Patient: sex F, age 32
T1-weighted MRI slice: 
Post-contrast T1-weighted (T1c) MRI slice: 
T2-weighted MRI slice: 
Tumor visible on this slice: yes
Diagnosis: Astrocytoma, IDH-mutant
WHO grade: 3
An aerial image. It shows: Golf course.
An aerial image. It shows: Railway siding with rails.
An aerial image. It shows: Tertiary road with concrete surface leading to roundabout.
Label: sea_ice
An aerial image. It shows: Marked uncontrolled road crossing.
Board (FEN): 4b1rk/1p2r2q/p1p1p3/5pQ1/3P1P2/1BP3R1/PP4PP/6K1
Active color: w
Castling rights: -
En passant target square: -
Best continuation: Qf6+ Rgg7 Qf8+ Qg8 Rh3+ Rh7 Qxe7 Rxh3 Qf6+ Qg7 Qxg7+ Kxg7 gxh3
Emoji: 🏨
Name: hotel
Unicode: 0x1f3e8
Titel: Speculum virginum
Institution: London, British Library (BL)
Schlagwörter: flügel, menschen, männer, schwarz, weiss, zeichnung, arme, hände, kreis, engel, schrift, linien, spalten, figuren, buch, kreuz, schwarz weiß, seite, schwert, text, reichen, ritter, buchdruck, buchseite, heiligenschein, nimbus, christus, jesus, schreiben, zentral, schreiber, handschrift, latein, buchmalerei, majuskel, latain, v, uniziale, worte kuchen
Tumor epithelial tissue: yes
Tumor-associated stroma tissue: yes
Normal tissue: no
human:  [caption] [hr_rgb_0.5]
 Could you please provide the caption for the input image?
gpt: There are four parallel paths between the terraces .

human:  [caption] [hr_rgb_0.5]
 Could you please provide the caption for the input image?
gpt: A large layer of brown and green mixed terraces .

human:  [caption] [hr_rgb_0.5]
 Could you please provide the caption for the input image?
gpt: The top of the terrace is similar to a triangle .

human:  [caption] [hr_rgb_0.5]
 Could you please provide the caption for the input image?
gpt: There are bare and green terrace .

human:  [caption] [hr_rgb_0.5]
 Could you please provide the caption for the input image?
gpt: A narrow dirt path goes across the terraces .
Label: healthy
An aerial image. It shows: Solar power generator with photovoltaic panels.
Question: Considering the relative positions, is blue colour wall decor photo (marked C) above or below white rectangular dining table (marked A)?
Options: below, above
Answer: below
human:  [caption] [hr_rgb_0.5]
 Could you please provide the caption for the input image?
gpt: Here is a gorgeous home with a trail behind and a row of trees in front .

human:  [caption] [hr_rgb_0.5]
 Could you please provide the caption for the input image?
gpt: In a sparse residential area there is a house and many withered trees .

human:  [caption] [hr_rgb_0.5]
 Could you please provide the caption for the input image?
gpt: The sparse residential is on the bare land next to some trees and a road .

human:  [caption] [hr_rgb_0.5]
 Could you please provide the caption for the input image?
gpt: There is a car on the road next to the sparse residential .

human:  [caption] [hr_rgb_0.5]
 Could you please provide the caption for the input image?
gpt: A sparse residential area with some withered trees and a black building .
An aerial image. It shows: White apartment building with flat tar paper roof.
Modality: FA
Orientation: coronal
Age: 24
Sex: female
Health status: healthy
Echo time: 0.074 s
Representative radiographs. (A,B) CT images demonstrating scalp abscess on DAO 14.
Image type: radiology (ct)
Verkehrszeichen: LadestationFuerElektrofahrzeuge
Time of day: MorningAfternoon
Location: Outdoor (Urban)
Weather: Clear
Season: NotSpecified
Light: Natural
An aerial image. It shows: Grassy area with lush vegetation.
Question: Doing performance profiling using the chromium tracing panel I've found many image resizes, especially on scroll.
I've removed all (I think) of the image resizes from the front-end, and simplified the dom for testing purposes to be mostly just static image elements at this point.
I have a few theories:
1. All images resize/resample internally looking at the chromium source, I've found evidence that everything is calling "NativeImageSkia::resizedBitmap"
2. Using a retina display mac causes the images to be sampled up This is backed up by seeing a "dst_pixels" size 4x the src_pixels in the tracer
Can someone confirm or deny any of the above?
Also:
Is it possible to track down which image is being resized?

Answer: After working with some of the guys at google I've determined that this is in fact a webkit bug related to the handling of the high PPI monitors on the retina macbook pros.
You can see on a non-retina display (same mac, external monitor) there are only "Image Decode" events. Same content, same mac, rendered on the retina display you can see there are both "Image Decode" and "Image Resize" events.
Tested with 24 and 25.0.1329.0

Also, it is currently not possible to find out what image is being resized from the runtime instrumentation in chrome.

——————

■ **Problem statement**
The result should be every line that contains "below", copied from the entries.

■ **Response**
Question: Considering the relative positions, is blue colour wall decor photo (marked C) above or below white rectangular dining table (marked A)?
Options: below, above
Answer: below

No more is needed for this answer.